Satu hal menarik yang menjerat
perhatian adalah pendapatnya bahwa sekarang ini sastra bukan hanya tentang
buku. Banyak orang menulis sastra di internet dan enggan menuangkannya di
sebuah wadah yang disebut buku. Sangat menarik. Saat sebagian manusia yang mengagungkan
dirinya dengan buku dan menobatkan dirinya sebagai revolusioner. Yang lebih
mengerikan adalah ketika,saat,diwaktu orang ‘mengeraskan’ kepalanya bersama
dengan opininya yang masih sekedar opini tentang sastra dan bukan persetujuan bersama. Sastra tidak
kolot, dan sastra itu bergerak bersama pemikiran manusia. Hendaknya itu yang
bisa ditangkap tentang pendapat pak Sapardi mengenai satu hal yang selalu
menjadi perbincangan,Sastra.
Dunia viral, masyarakat viral dan
latah. Demikian gambaran dunia yang bisa kita lihat sekarang. Internet begitu
mempesona dengan warna-warninya. Orang mneyebarkan ideologinya tanpa batasan
lagi, tak seperti zaman orde baru. Sikap kita yang termakan dengan keperkasaan
internet dan dunia maya mesinya harus kita kendalikan. Sekali lagi kita hidup
di dunia nyata yang menjunjung tinggi hak asasi manusia. Gunakan hak kita
dengan bijaksana, jangan sesekali kita sengaja mengganggu hak orang lain.
Seperti itulah manusia selayaknya hidup, seperti pak Sapardi yang kalau Gus Mus mengatakannya bukan orang pintar baru.

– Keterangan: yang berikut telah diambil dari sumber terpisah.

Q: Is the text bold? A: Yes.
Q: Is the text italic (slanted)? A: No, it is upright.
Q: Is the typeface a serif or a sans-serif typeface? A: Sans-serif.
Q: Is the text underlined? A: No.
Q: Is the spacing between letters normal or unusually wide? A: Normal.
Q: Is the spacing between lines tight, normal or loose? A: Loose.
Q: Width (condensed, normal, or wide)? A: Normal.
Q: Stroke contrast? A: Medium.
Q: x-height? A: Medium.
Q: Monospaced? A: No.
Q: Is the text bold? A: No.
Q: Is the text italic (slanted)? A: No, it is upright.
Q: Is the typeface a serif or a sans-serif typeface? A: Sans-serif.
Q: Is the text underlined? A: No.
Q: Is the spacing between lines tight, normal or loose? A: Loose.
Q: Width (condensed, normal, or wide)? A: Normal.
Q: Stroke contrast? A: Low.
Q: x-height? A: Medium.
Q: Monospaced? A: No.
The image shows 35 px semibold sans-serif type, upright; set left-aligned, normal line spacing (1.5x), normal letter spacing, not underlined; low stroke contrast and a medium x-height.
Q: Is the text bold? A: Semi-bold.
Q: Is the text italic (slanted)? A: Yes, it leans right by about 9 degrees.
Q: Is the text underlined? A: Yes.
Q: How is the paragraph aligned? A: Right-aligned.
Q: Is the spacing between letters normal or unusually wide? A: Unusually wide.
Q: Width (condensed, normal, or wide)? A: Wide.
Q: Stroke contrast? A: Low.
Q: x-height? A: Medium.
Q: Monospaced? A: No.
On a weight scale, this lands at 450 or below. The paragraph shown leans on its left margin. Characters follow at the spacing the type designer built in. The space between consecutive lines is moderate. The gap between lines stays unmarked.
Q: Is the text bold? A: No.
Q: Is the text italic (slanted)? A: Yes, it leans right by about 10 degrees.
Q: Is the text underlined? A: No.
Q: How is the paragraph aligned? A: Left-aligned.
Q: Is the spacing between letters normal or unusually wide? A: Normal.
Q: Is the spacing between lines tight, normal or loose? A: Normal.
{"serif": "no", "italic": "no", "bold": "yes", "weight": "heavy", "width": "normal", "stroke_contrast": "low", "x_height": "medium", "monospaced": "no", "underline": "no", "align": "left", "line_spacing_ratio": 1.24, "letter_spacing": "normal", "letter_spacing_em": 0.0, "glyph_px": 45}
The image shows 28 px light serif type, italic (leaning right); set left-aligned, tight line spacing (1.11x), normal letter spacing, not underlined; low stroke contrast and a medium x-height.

Kalaupun ada kata yang tepat untuk
merepresentasikan apa yang saya pikirkan mungkin kalimat ini yang paling tepat
,”Bahagia untuk berpikir, bahagia untuk beropini, dan bahagia untuk tidak
membuat orang lain tidak bahagia, hak orang lain tidak terlanggar,dan tentulah
semuanya akan menerima dengan bahagia.”
Penggunaan hak asasi di dunia maya pun butuh kontrol yang dinamakan norma. Namun semakin luas dan menggemanya hak asasi, norma menjadi samar karena semuanya dipaksakan pada kebebasan masing-masing individu. Ironi sekali.
BalasHapusAnyway, blog nya keren. Kembangkan blog serta isinya agar jadi identitas diri seorang dek Rudi. Semangat yaaa :)
Yah...dan disaat norma tak lagi sekuat itu maka yang ada hanyalah perang propaganda.
BalasHapusTerimakasih mba Annisa sudah berkunjung. Semoga isi isinya lebih baik terus. Butuh koreksi tentunya. :)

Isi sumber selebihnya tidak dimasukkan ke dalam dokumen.